Does this plot adequately illustrate eigenvector/eigenvalue extraction in PCA?

  • I'm not sure what an adequate ellipses and/or length of the vectors would be (or does it not matter?)
  • I'm guessing, that the vectors have a slope of 1, -1 is because of my data (ranking? symmetry?), and would differ for other data.

Ps.: this is based on the above tutorial and this CrossValidated question.

Pps.: the perpendiculars dropped on the vector are curtesy of this StackExchange answer

Best Answer

There is not much to answer here. You seem to have had some problems with your script that are by now fixed. There is currently nothing wrong with your visualization and in fact I find it a very nice and adequate illustration.

To answer your remaining questions:

  1. The slopes of your principal axes will always be $1$ and $-1$ for a standardized two-dimensional dataset (i.e. if you are working with a correlation matrix), as @whuber said in the comments.
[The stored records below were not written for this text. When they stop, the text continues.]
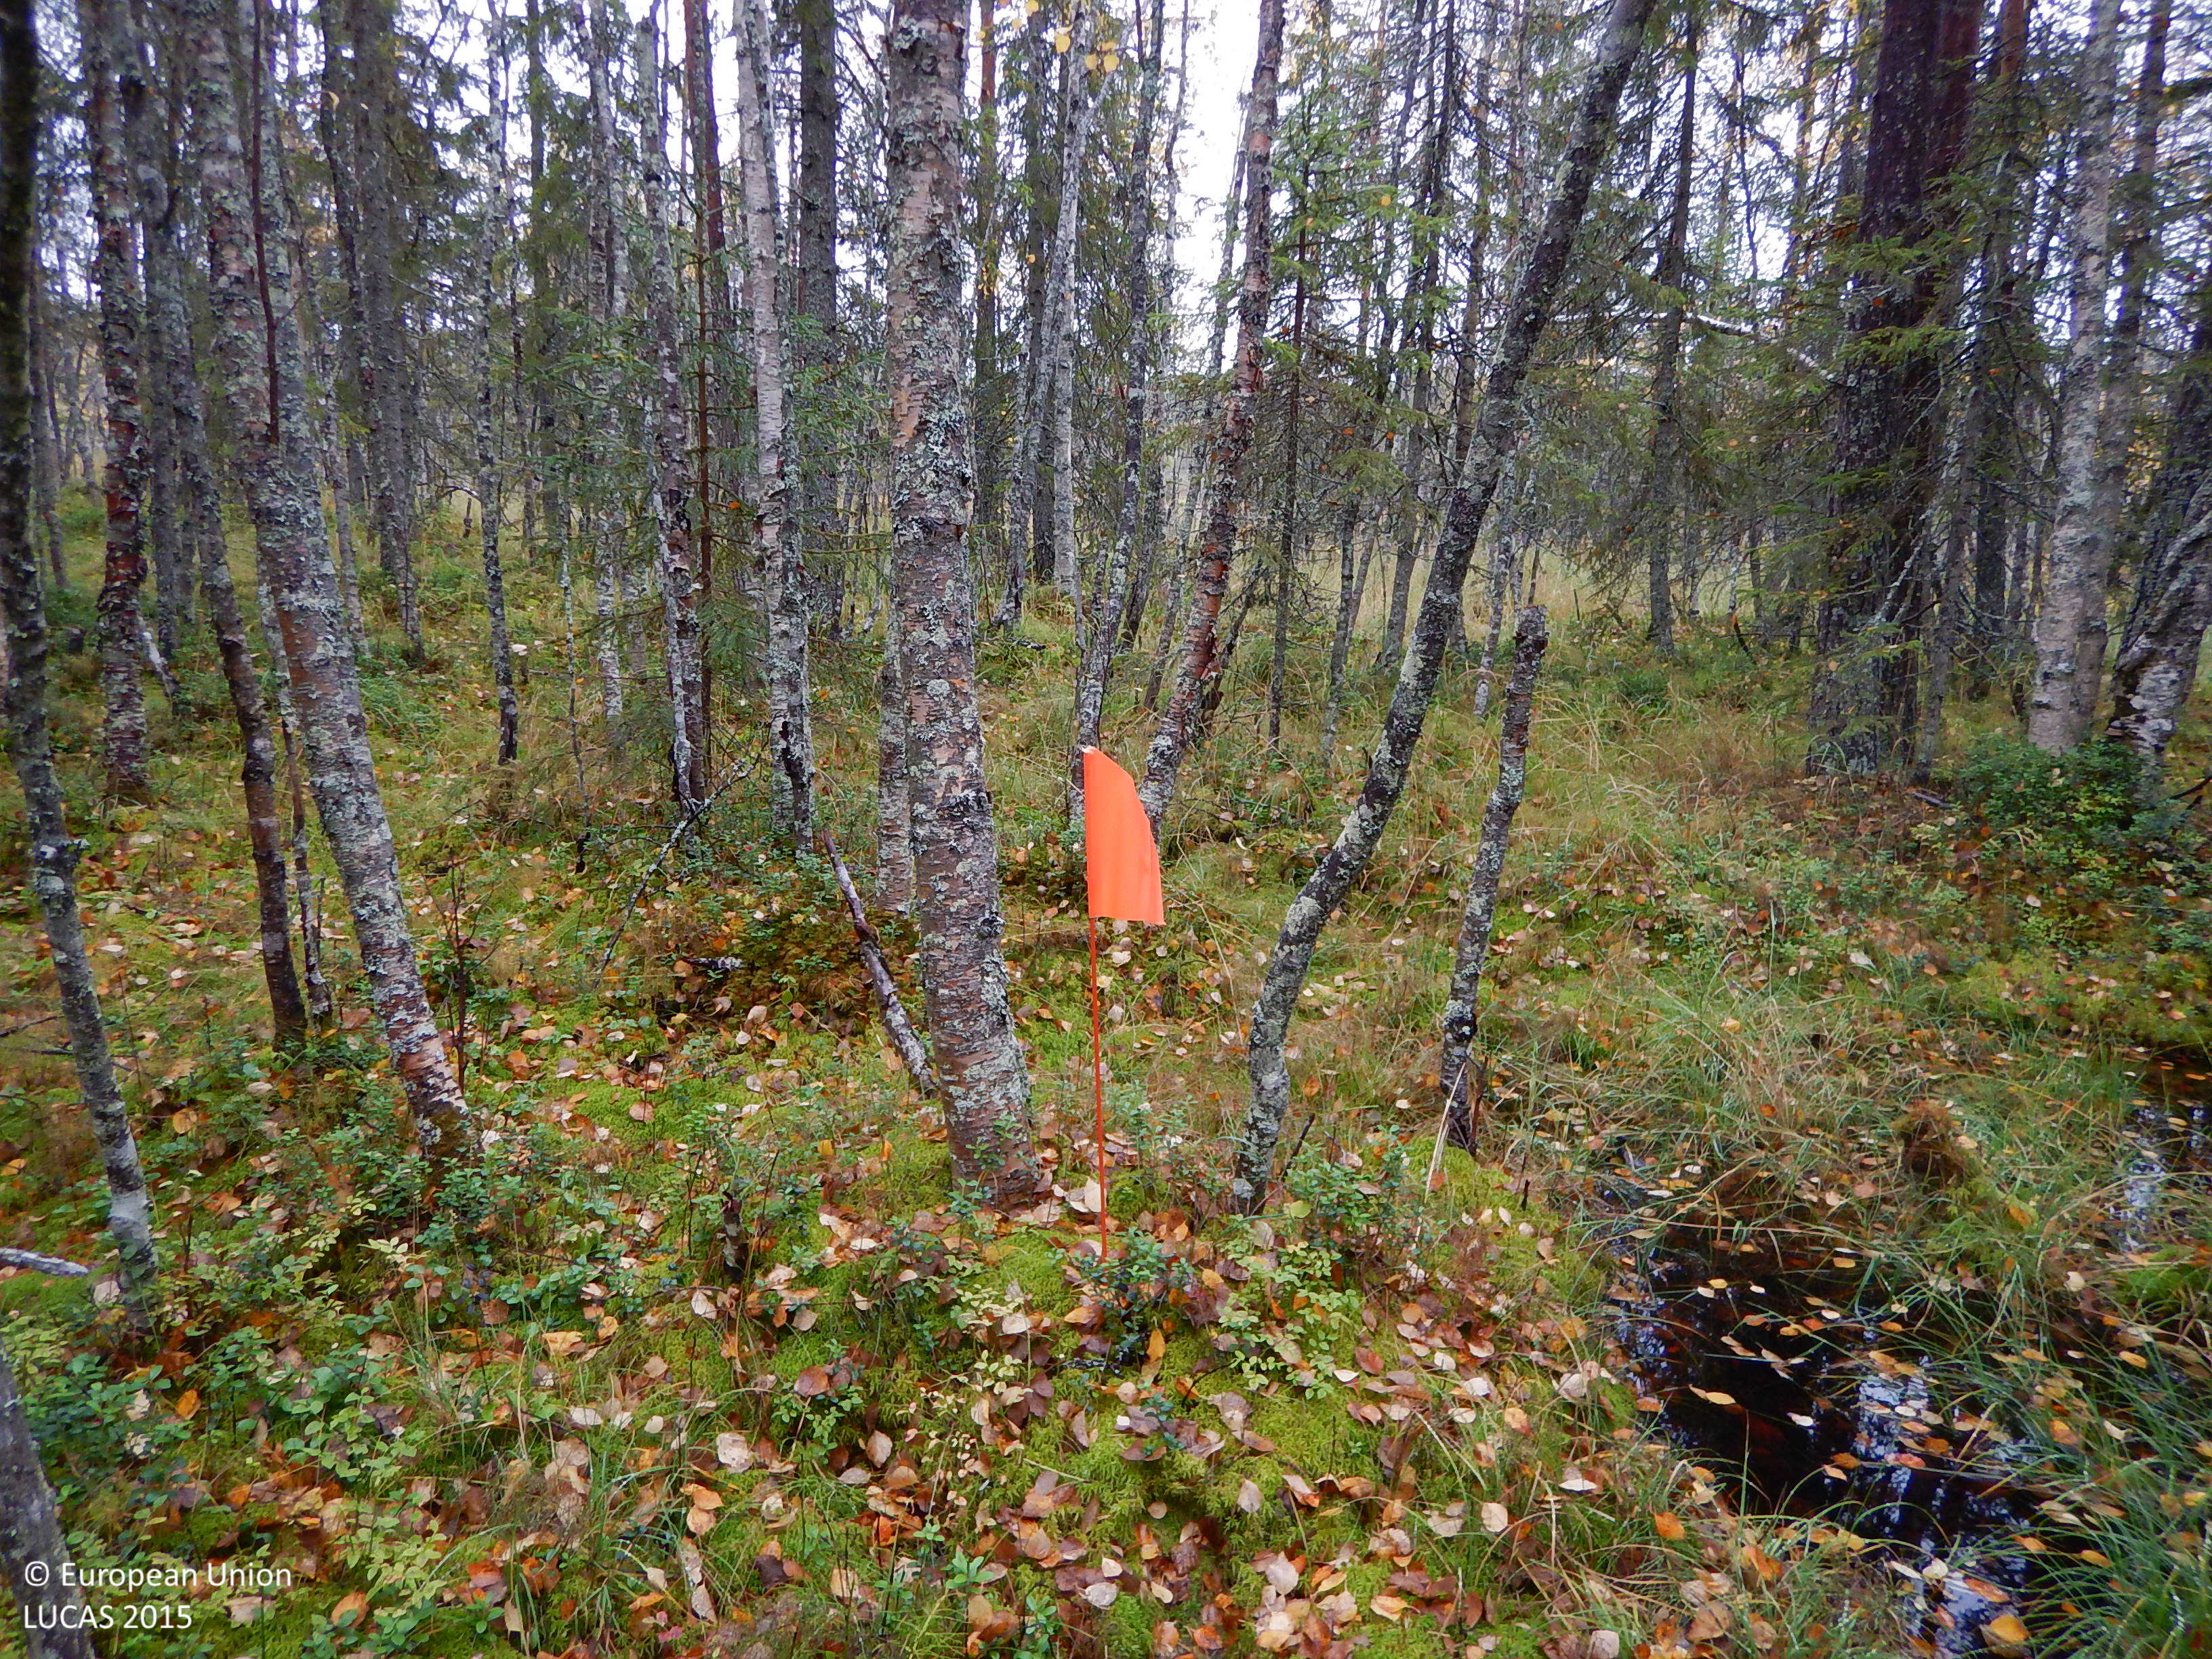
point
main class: Woodland
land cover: Other mixed woodland
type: mire and swamp forests
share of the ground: 50 - 75 %
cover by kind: coniferous forest trees 30 %, broadleaved forest trees 30 %, lichens and mosses 20 %, shrubs 10 %, herbaceous plants 10 %
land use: Amenities, museums, leisure
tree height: > 5 m
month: September
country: SE
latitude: 65.0881
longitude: 19.9470
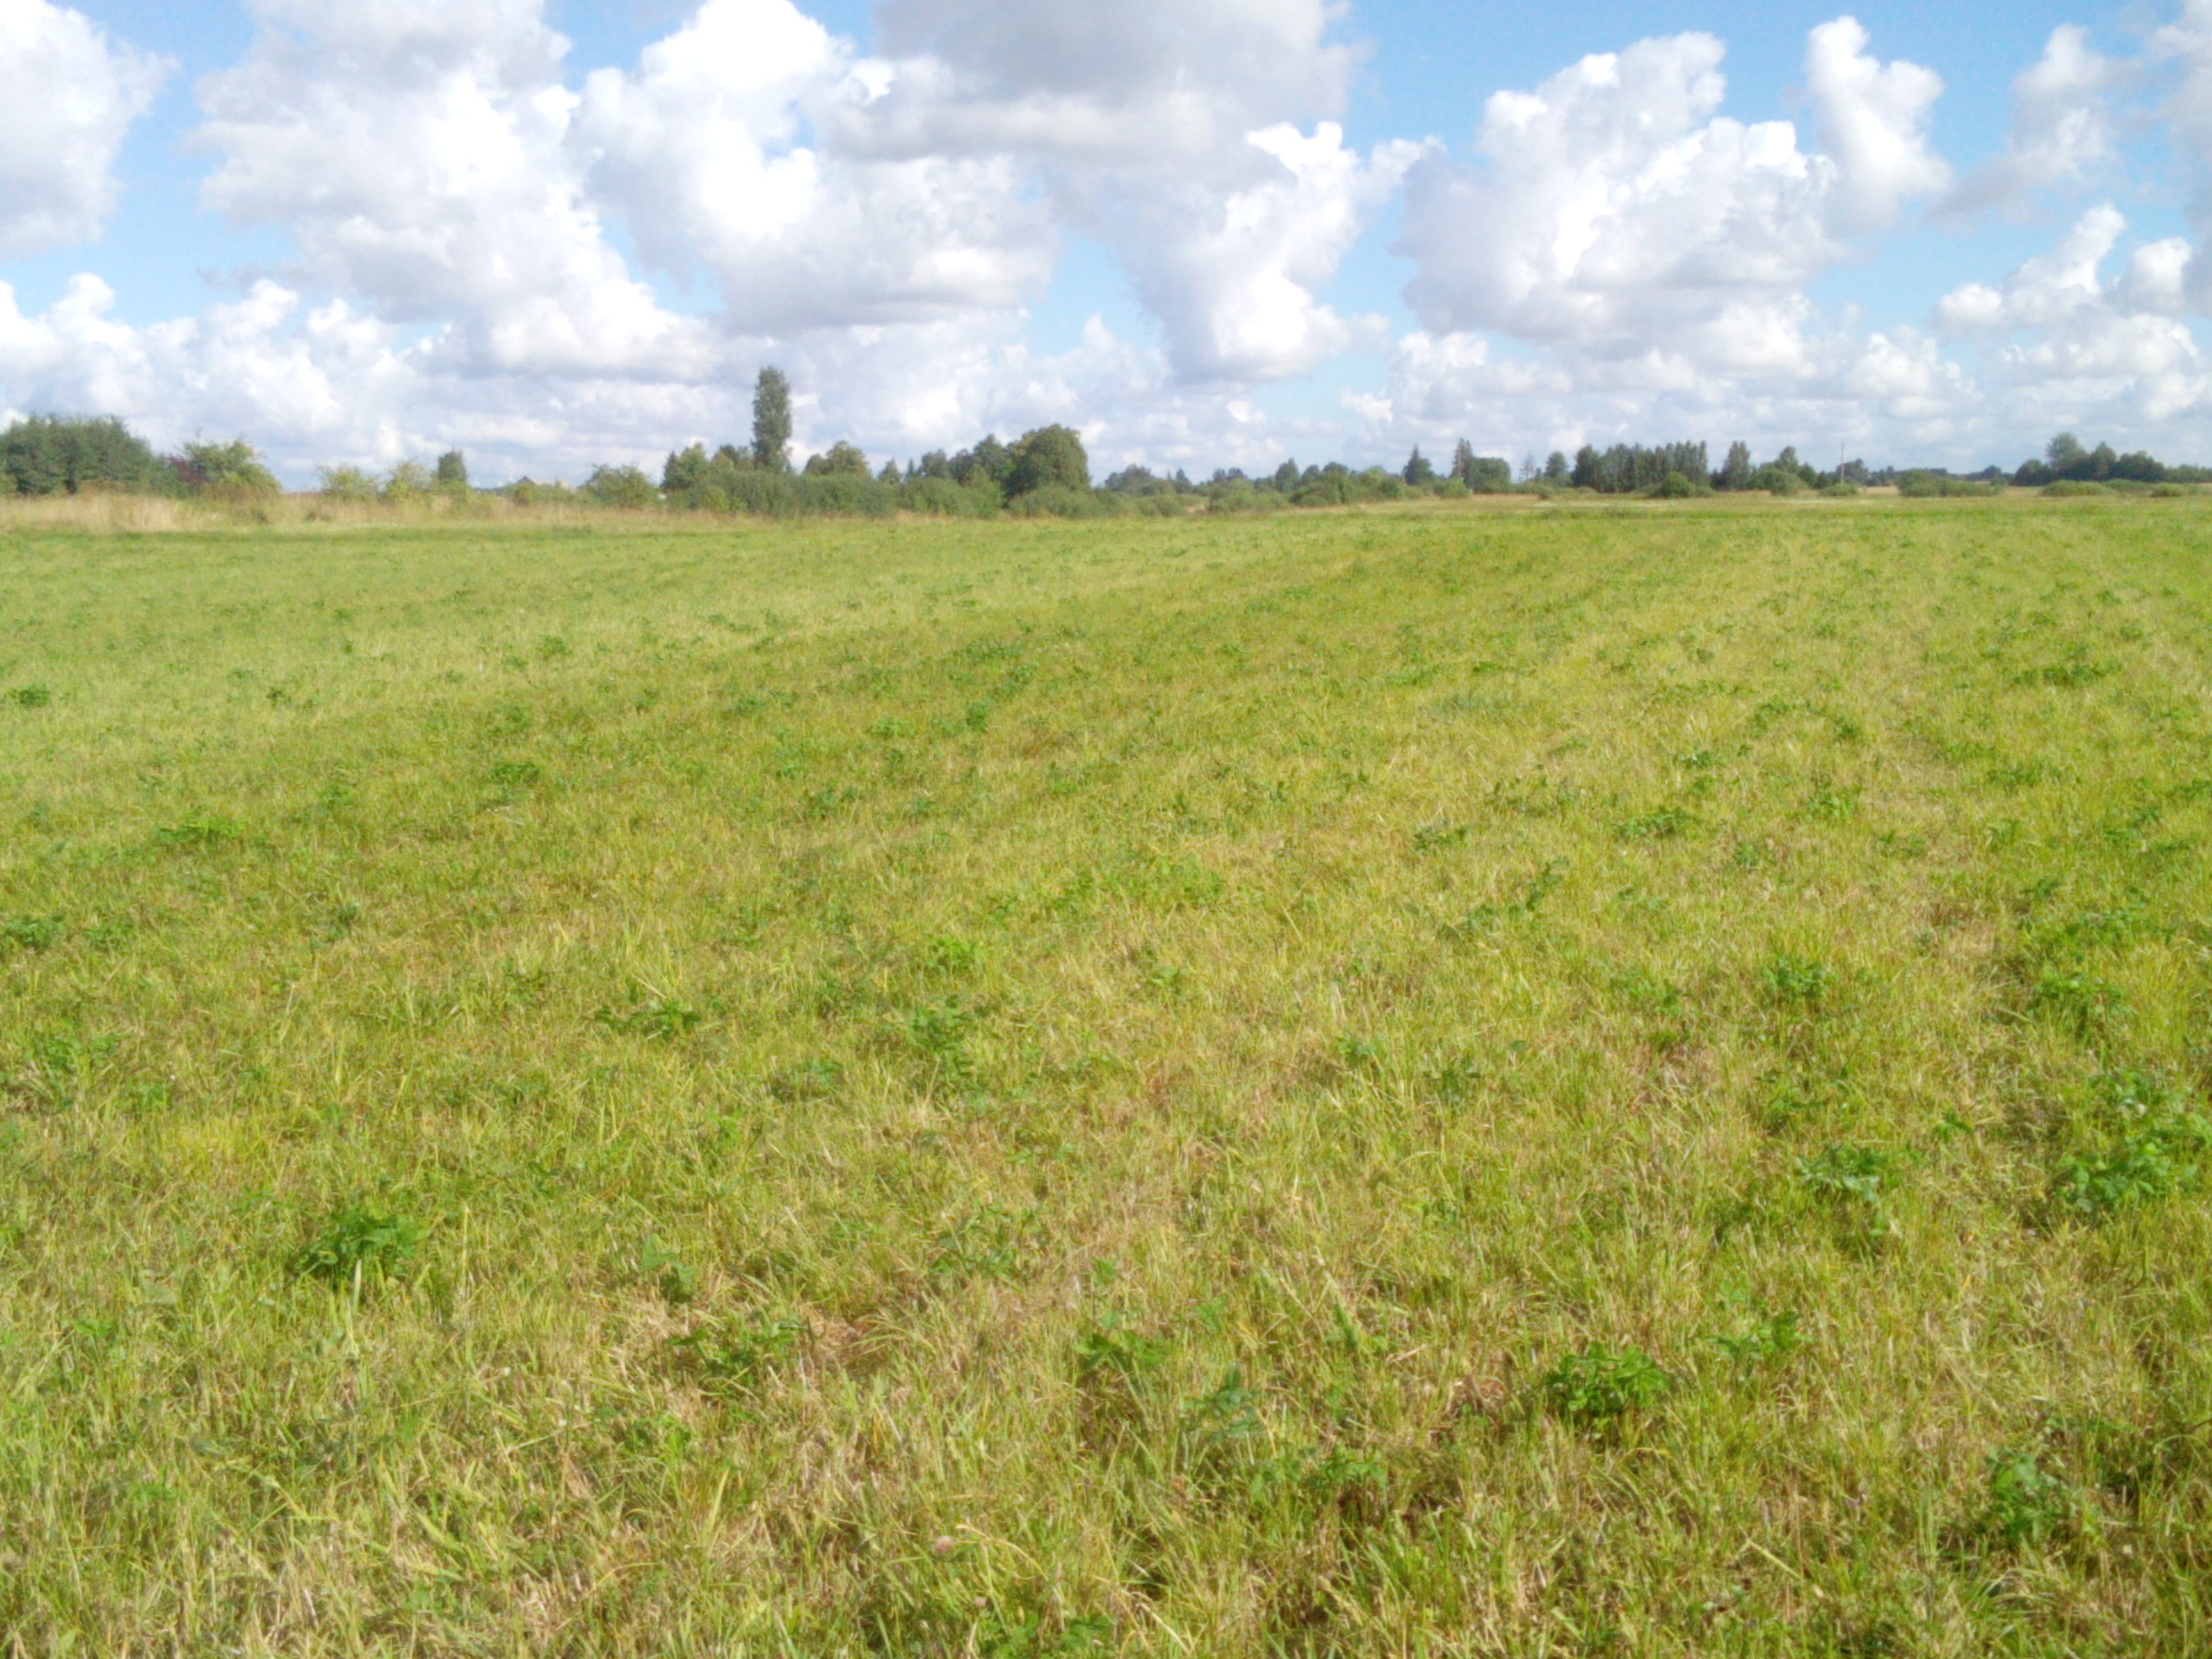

See my answer here: Does a correlation matrix of two variables always have the same eigenvectors?

  2. The ellipse that you plotted (according to my understanding of the source code of stat_ellipse()) is a 95% coverage ellipse assuming multivariate normal distribution. This is a reasonable choice. Note that if you want a different coverage, you can change it via level input parameter, but 95% is pretty standard and okay.